[What you have to do]
Give the data again exactly as written, without any of its pictures.
◆ ◆ ◆
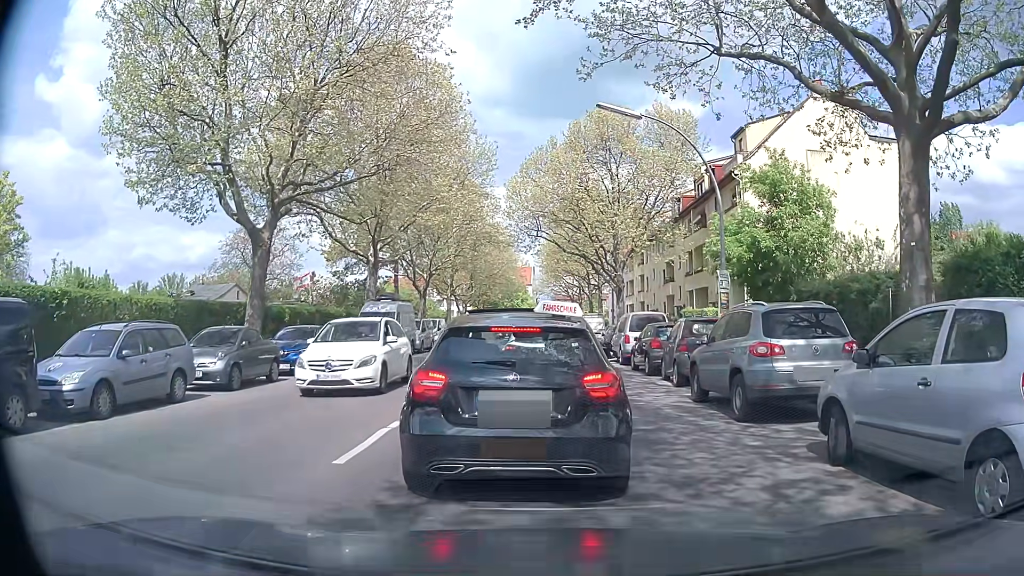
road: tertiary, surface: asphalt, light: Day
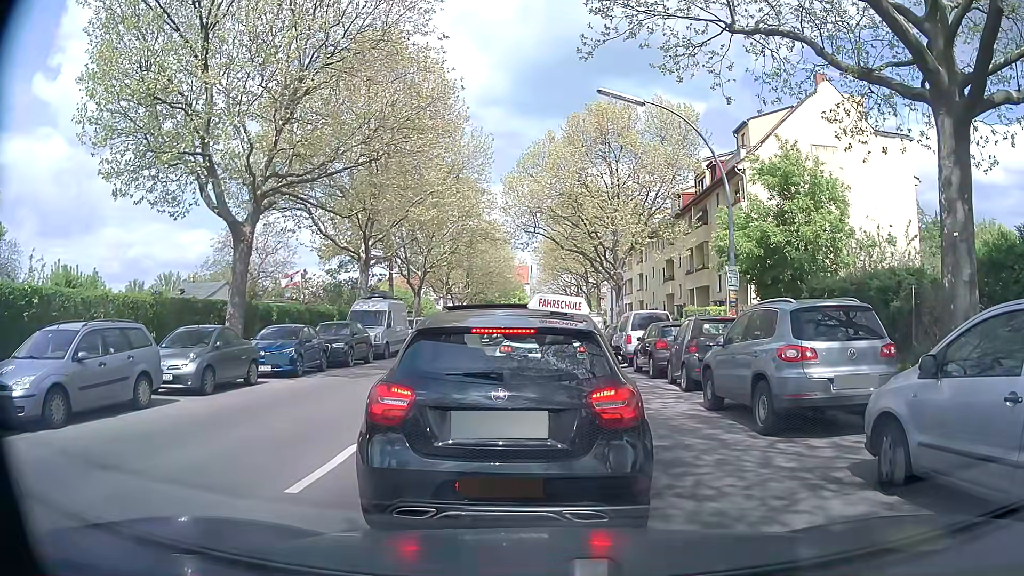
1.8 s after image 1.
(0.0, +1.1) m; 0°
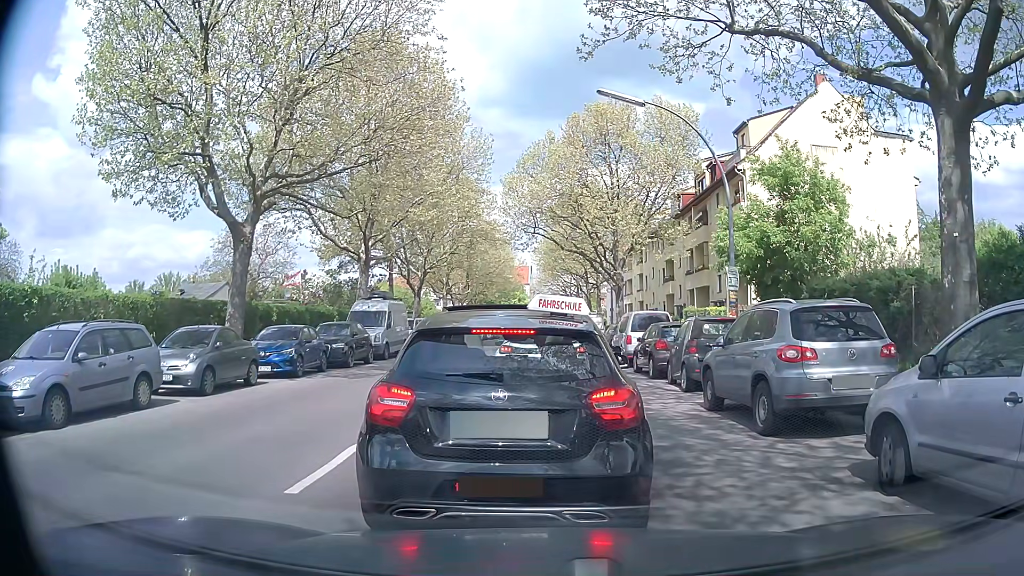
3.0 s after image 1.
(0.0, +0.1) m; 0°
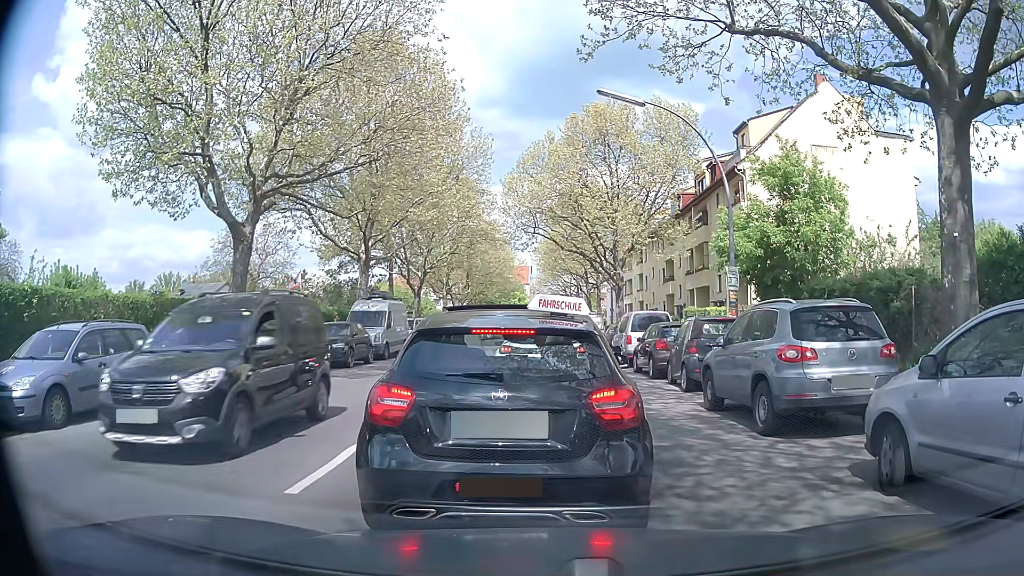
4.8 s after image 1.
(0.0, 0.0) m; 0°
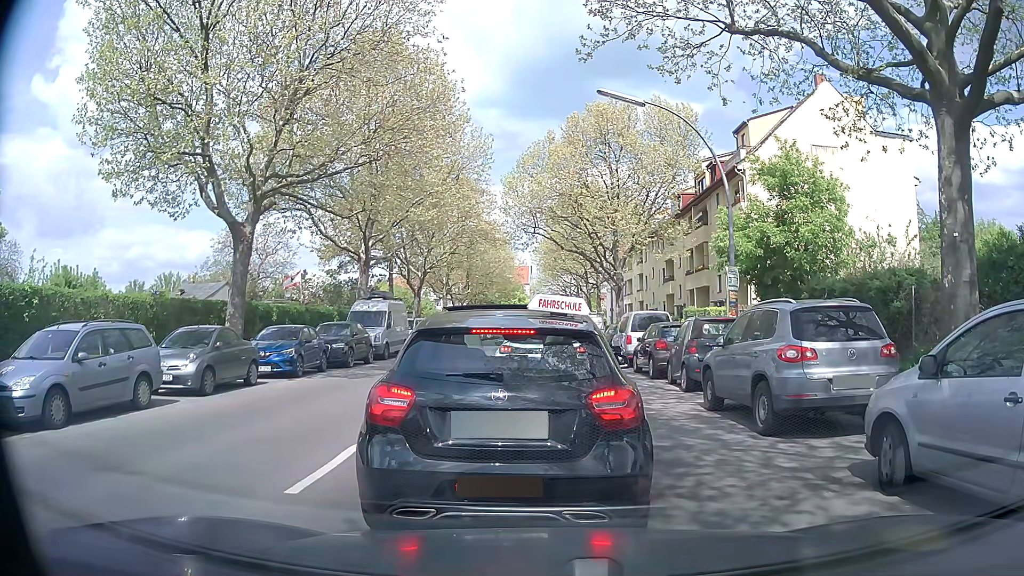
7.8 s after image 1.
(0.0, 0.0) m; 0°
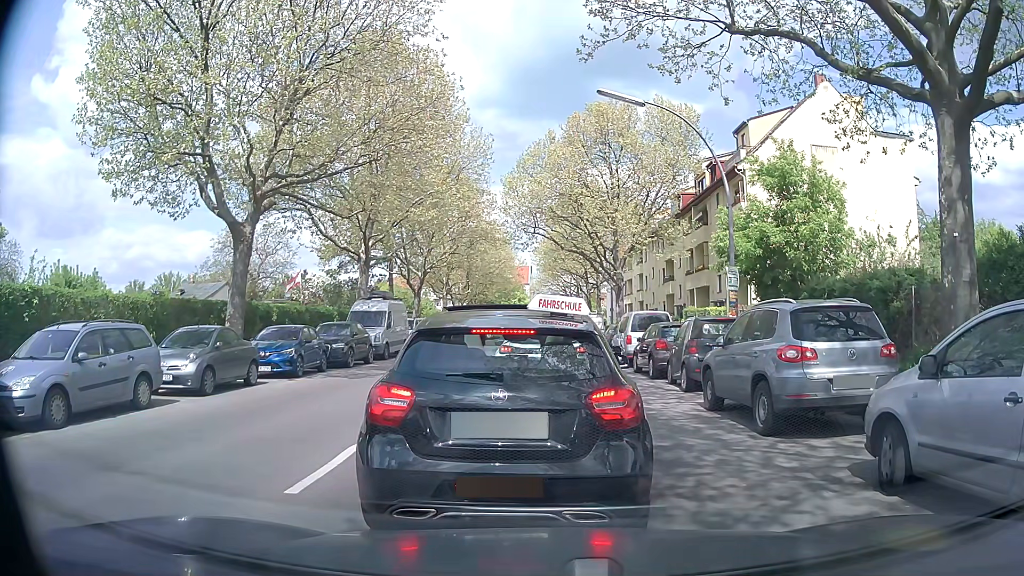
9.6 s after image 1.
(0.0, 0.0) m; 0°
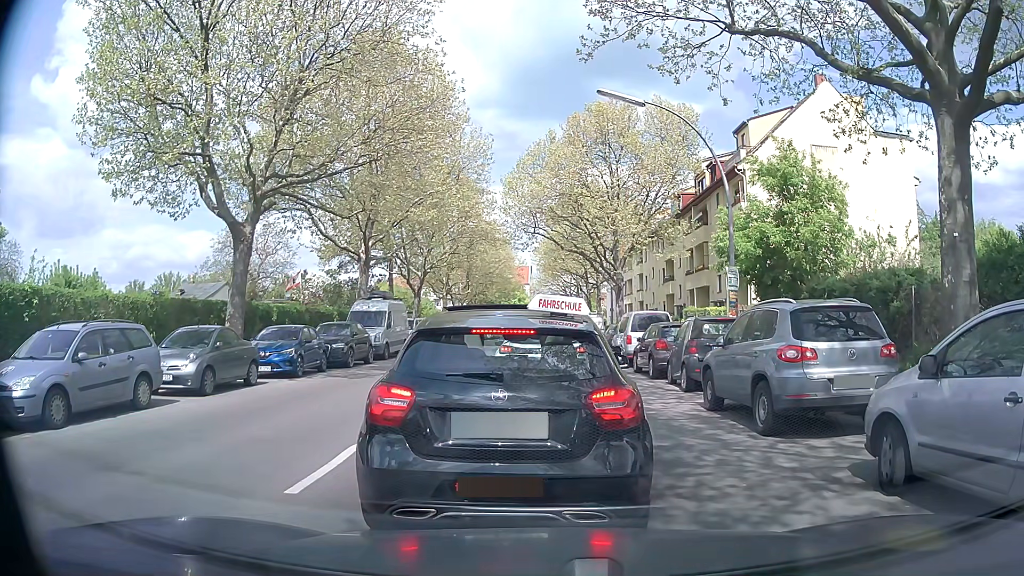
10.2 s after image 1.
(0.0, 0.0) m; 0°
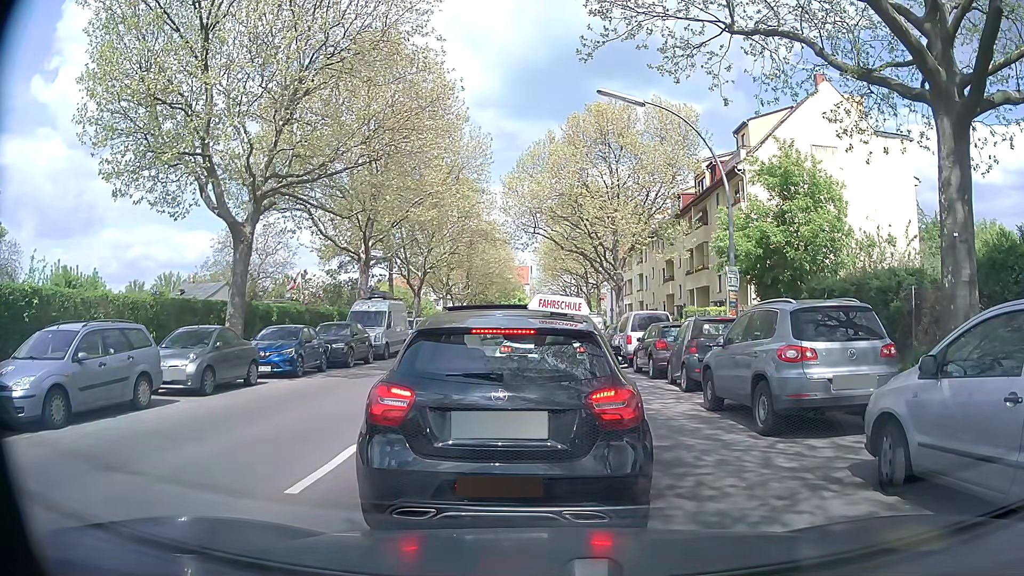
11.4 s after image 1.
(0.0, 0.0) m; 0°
◆ ◆ ◆
[Response for this exercise]
road: tertiary, surface: asphalt, light: Day
1.8 s after image 1.
(0.0, +1.1) m; 0°
3.0 s after image 1.
(0.0, +0.1) m; 0°
4.8 s after image 1.
(0.0, 0.0) m; 0°
7.8 s after image 1.
(0.0, 0.0) m; 0°
9.6 s after image 1.
(0.0, 0.0) m; 0°
10.2 s after image 1.
(0.0, 0.0) m; 0°
11.4 s after image 1.
(0.0, 0.0) m; 0°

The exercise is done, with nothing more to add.